May 11, 2026 | Chase Sanford
I recently had a client in her early 30’s receive an alarmingly low bone density score on her first ever DEXA scan, showing that she was in range for Osteopenia and currently in the 7th percentile for her age. 7th! This finding came as a surprise to the both of us, as she is a healthy individual who has been showing great progress in her training program. The concern is that this is something that can become very serious as you age. In adults over 65, hip fractures carry roughly a 7% mortality rate within 30 days, 15% within 90 days, and nearly 30% within a year. If nothing changes in the next 20-30 years, my client’s bone density score in the 7th percentile would put her at major risk of having a catastrophic result from a fall. *One key point to be made here: Body composition DEXA scans are not diagnostic bone density tests only providing a bone density snapshot rather than a complete clinical picture.

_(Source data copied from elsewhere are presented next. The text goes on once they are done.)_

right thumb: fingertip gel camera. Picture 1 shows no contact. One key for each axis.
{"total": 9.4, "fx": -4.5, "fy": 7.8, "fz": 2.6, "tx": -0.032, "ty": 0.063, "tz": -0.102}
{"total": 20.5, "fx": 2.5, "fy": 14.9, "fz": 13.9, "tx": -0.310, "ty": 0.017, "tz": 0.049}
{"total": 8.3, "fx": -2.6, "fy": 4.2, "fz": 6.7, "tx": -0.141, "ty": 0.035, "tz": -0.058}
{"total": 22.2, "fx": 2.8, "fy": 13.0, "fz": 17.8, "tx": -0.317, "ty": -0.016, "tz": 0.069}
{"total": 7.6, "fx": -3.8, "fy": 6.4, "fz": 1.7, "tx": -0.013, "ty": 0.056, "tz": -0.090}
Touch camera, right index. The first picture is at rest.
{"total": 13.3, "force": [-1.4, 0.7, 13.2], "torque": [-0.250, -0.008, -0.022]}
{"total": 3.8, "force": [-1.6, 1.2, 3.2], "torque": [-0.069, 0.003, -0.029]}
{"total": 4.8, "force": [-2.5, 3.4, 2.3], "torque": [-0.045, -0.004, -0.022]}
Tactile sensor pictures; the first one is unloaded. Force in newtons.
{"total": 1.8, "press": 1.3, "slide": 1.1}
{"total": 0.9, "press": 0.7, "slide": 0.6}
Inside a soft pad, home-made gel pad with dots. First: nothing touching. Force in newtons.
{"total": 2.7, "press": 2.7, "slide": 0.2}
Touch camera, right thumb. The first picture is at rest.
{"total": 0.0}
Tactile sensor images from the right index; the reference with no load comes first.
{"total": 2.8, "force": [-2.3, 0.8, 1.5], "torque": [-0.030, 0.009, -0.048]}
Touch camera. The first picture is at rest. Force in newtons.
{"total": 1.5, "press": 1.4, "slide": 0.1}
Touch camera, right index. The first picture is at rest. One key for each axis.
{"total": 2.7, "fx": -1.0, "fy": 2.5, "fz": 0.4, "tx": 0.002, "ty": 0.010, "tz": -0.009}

Even osteopenia — the middle category — carries significantly elevated fracture risk. Combined with the mortality rates associated with hip fractures in older adults, a low bone density score in your 30s isn’t something to ignore.
Before making any changes to her program, I wanted to loop in her doctor, not because I expected anything alarming, but because before increasing load or adding high-impact movements, I wanted to hear from a medical professional that it was safe to do so. At her appointment the doctor was not overly concerned (though he did refer her to a specialist) and encouraged her to continue training. That clearance mattered because it gave her confidence that training harder was not only okay but encouraged, and frankly it gave us both peace of mind that we’re not putting her at risk of injury.

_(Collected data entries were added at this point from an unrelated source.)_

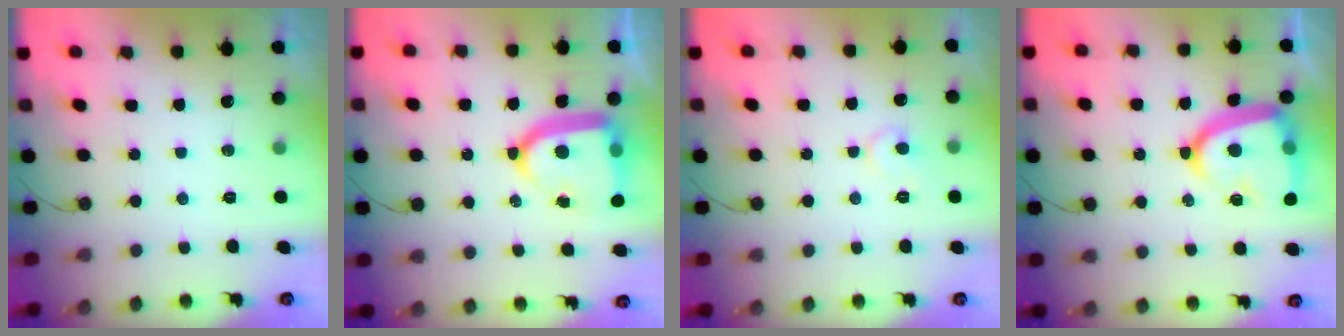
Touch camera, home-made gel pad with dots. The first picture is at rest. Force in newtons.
{"total": 17.1, "press": 17.0, "slide": 1.6}
{"total": 6.9, "press": 6.9, "slide": 0.3}
{"total": 18.0, "press": 17.9, "slide": 1.7}
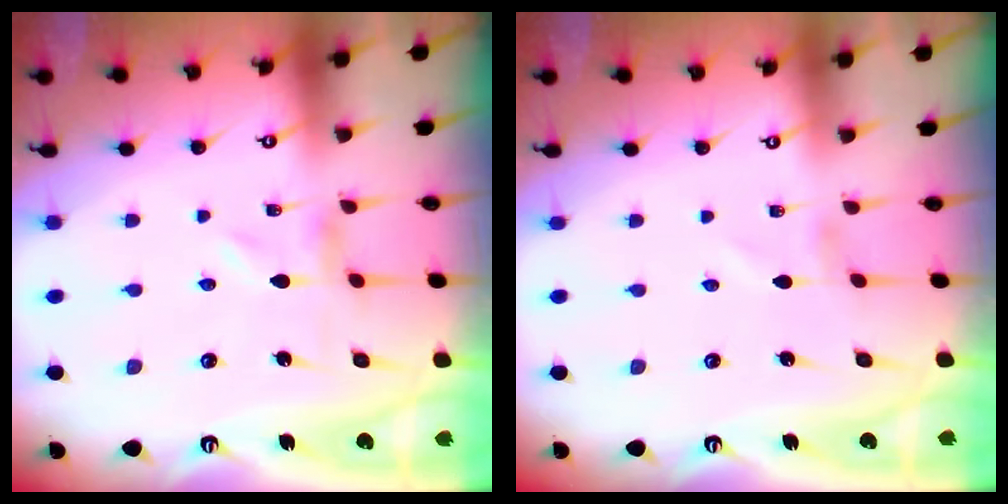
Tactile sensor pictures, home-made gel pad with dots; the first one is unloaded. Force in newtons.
{"total": 1.3, "press": 1.3, "slide": 0.1}
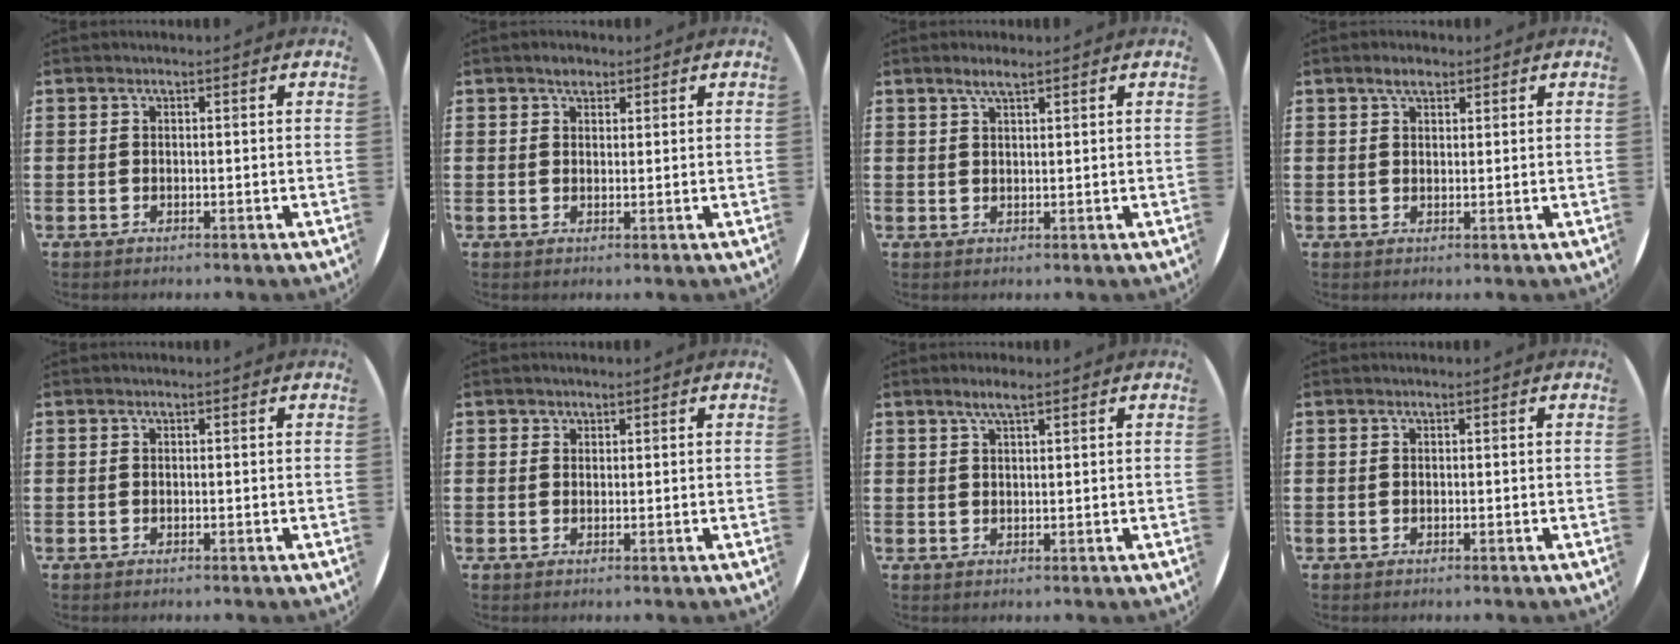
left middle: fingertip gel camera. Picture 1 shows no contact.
{"total": 1.7, "force": [1.4, 0.9, 0.5], "torque": [0.005, -0.002, 0.023]}
{"total": 2.3, "force": [1.8, 0.3, 1.3], "torque": [-0.028, 0.004, 0.032]}
{"total": 2.4, "force": [1.8, 1.0, 1.1], "torque": [-0.017, 0.003, 0.031]}
{"total": 0.0}
{"total": 0.8, "force": [0.7, 0.5, 0.0], "torque": [0.007, 0.000, 0.012]}
{"total": 2.4, "force": [1.8, 0.3, 1.6], "torque": [-0.033, 0.004, 0.031]}
{"total": 0.0}
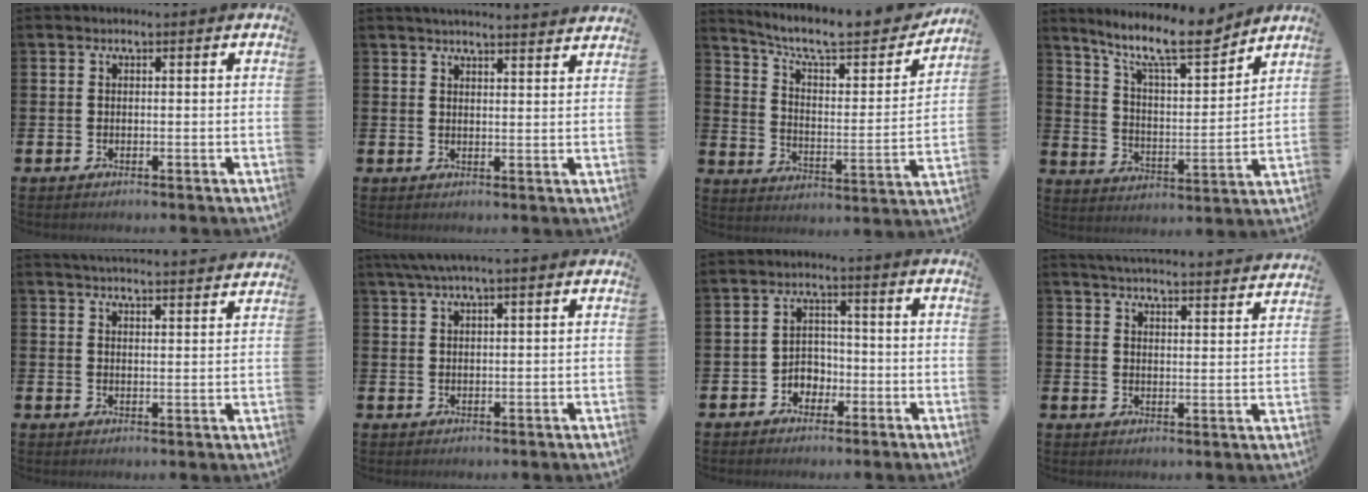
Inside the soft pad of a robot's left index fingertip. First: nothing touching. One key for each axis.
{"total": 3.4, "fx": 3.4, "fy": -0.4, "fz": 0.2, "tx": -0.002, "ty": -0.023, "tz": 0.060}
{"total": 9.3, "fx": 8.0, "fy": 2.2, "fz": 4.1, "tx": -0.096, "ty": -0.061, "tz": 0.132}
{"total": 12.1, "fx": 10.1, "fy": 2.4, "fz": 6.2, "tx": -0.128, "ty": -0.059, "tz": 0.173}
{"total": 4.1, "fx": 4.1, "fy": -0.5, "fz": 0.1, "tx": -0.002, "ty": -0.033, "tz": 0.071}
{"total": 3.3, "fx": 2.6, "fy": 0.1, "fz": 2.0, "tx": -0.045, "ty": 0.000, "tz": 0.048}
{"total": 3.1, "fx": -1.8, "fy": 2.4, "fz": 0.8, "tx": -0.029, "ty": 0.007, "tz": -0.042}
{"total": 5.0, "fx": 5.0, "fy": -0.2, "fz": 0.5, "tx": -0.017, "ty": -0.044, "tz": 0.084}

So how did this bombshell change her training program? Less than you might think. Her initial goals when we began training 3 months ago were pretty straightforward and centered around strength and body composition, so we had already focused extensively on building a solid strength foundation in her 3x/week program. She had been an ideal client with her consistent attendance and effort and as a result had made significant progress in her strength and flexibility.
After reevaluating her program in light of the new emphasis on bone density, we recognized that while an overhaul of her programming wasn’t necessary, there were some adjustments that we could make that would likely shift the trajectory of her bone health.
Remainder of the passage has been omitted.